Which is not to argue against ownership in principle or in favor of (dread word!) communism. Rather, it’s to suggest that a lot of our problems may result from a naive desire to oversimplify life by taking bumper-sticker philosophies like “ownership society” to the extreme.

In fact I would suggest that Extremism, in all its forms, is the fundamental challenge to Homeland Security.

Comment by Mark Chubb

February 17, 2011 @ 11:24 pm

Art, I couldn’t agree more. I’m pushing for shared ownership in the sense of the the commons. By tis definition, we all have a stake and we worry less about optimizing our own returns and more about promoting the general weal.
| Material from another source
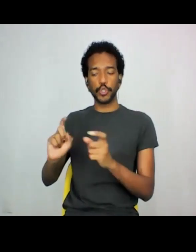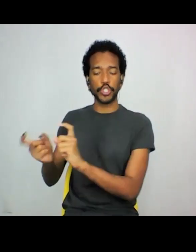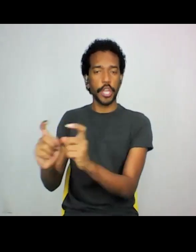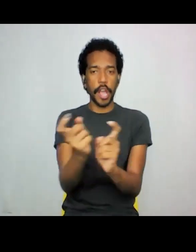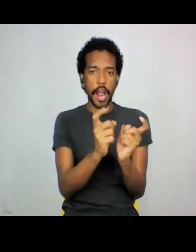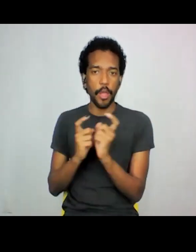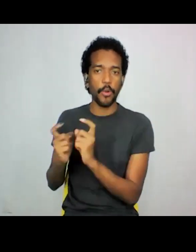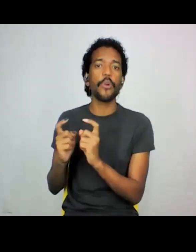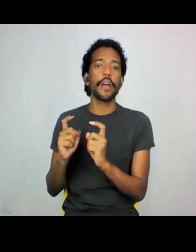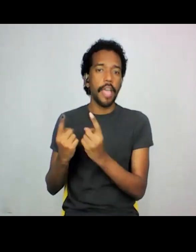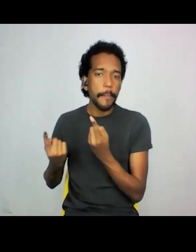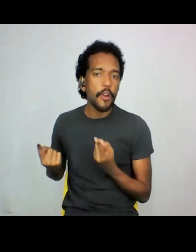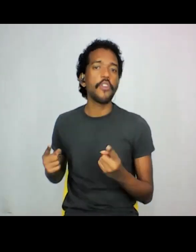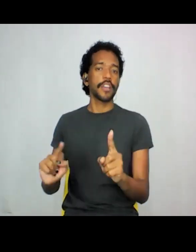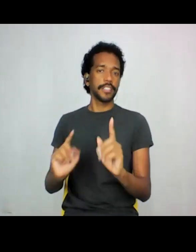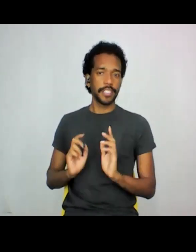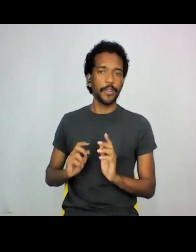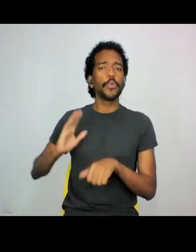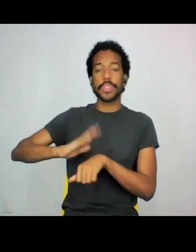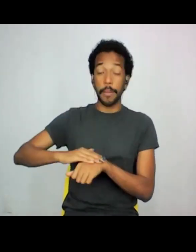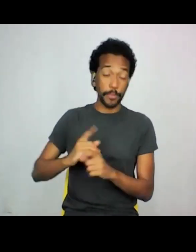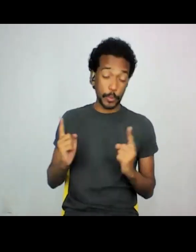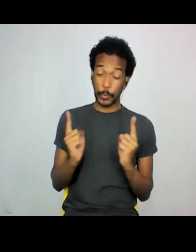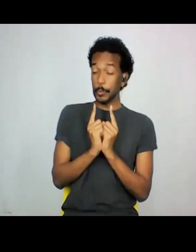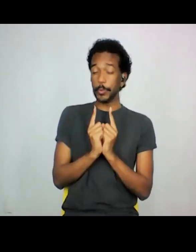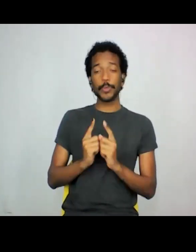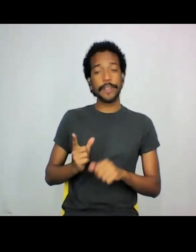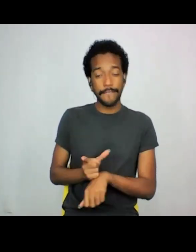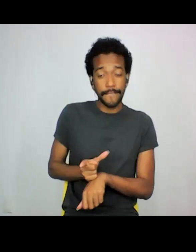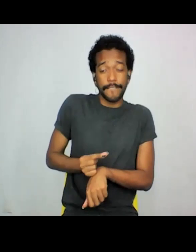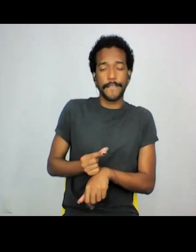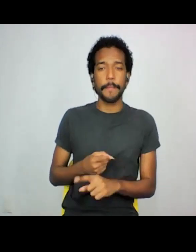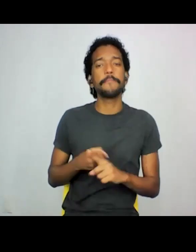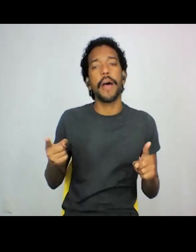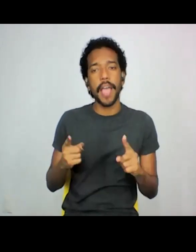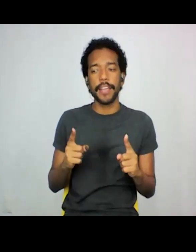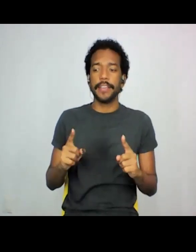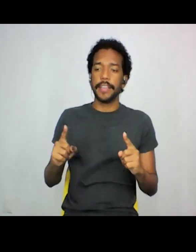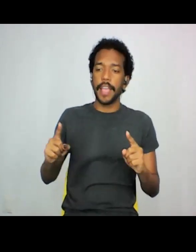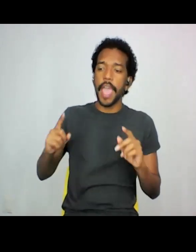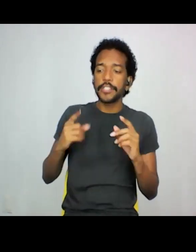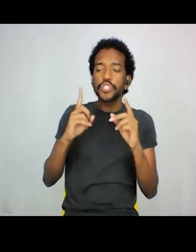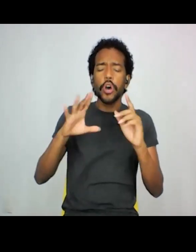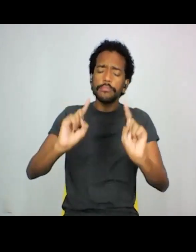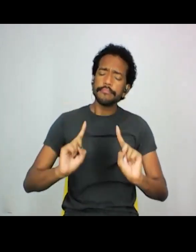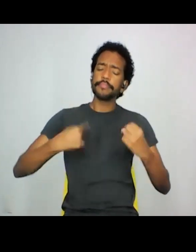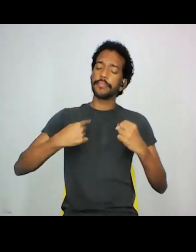provocação, né, a gente sabe que o tempo é curto, mas o intuito é que ele não se encerre aqui, né, que ele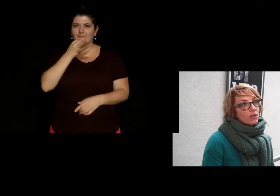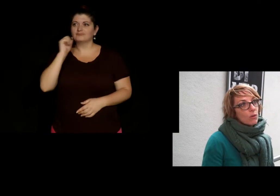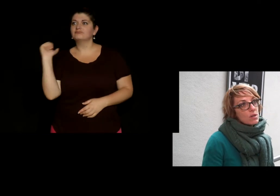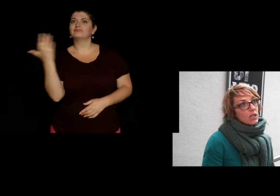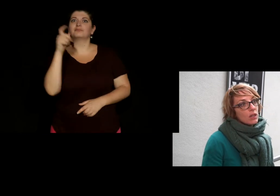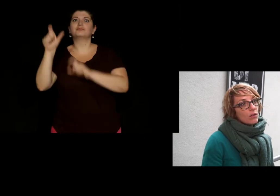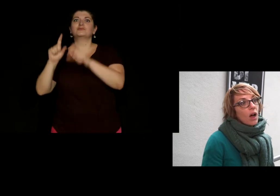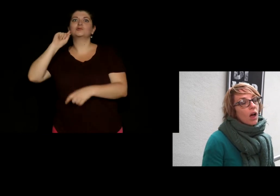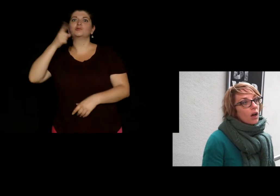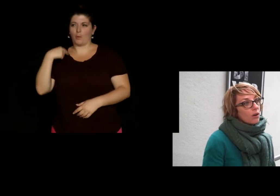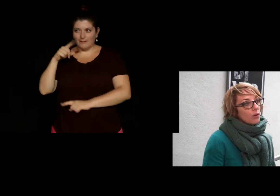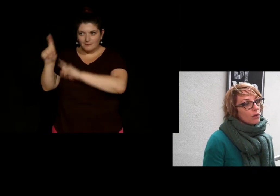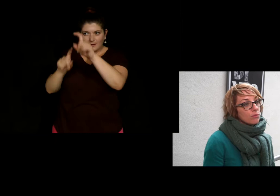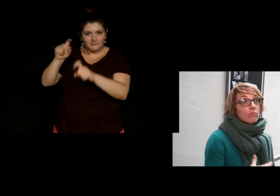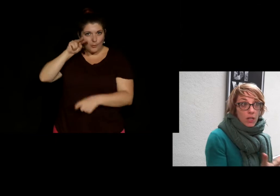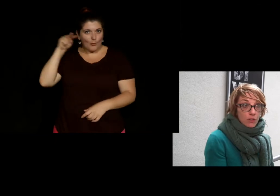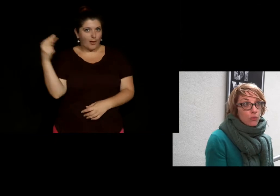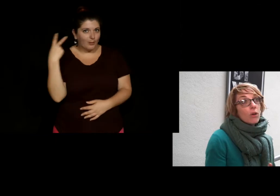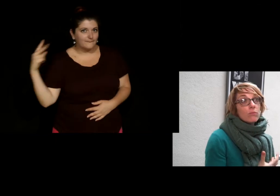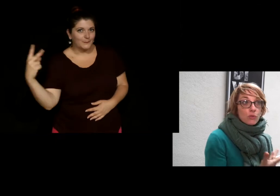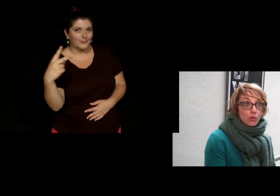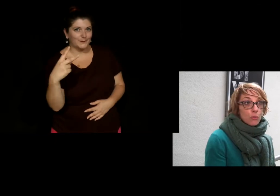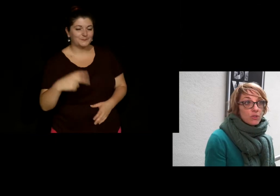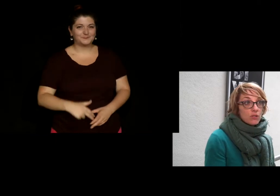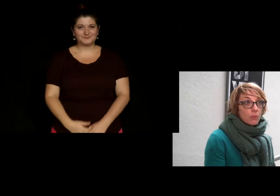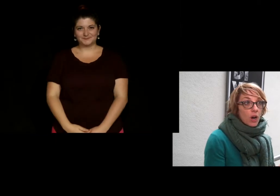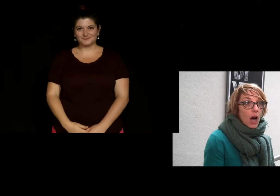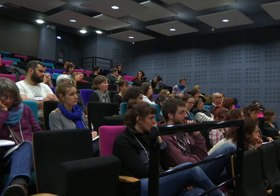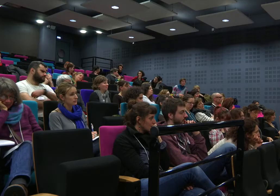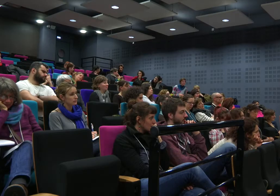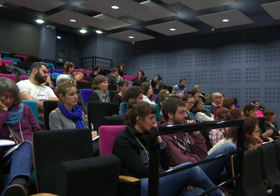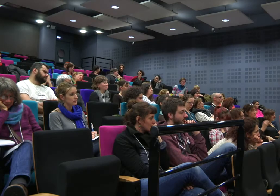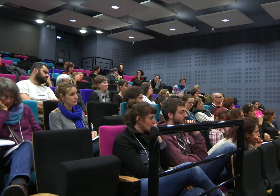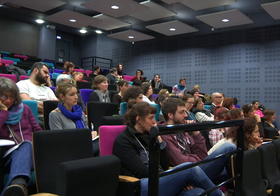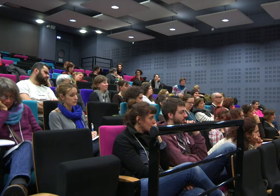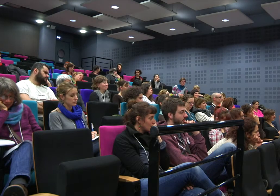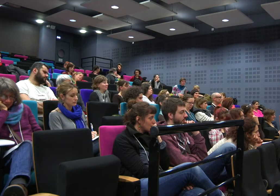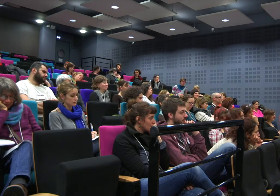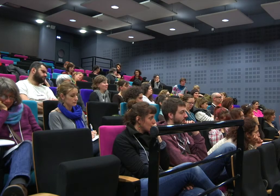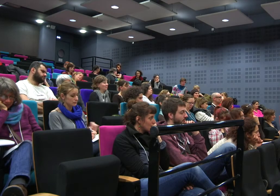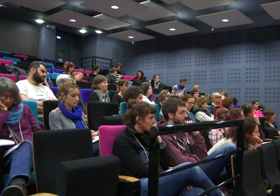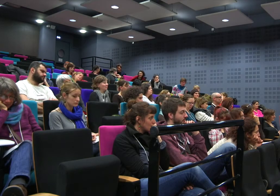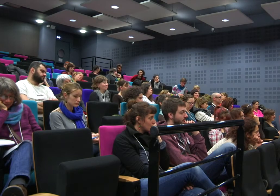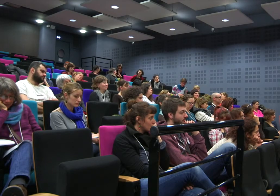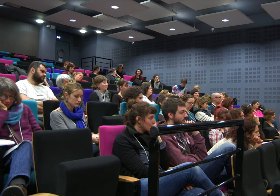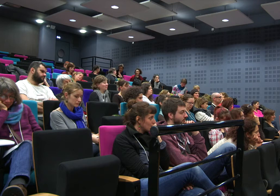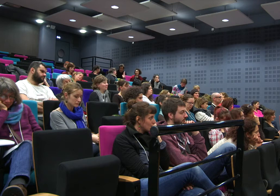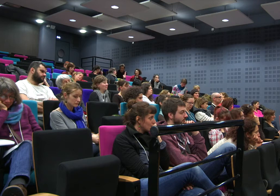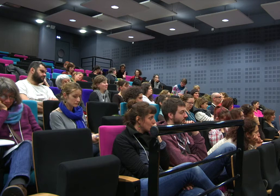'interroger des sourds sur ce positionnement-là. L'article 30 aborde la question de l'accessibilité à la

As the post suggests, I am particularly critical of efforts to promote ownership over other ends when it comes to the peddling of favored solutions disconnected from any sense of responsibility for the problems they purport to address. This is precisely why I argue for careful analysis of the problem and its origins through reflection, discussion and collaboration with others.

As your closing comments suggest, group dynamics can produce undesirable results of their own as illustrated by Cass Sunstein’s work on extreme positions. I too would like to move beyond bumper stickers and sloganeering to have deep and meaningful conversations about how we can work together in, among and across communities to make our society and others safer and more secure.

That leads me to the conclusion I think Bill Cumming might have been driving at in his comments: It’s not just a job for the professionals and technocrats.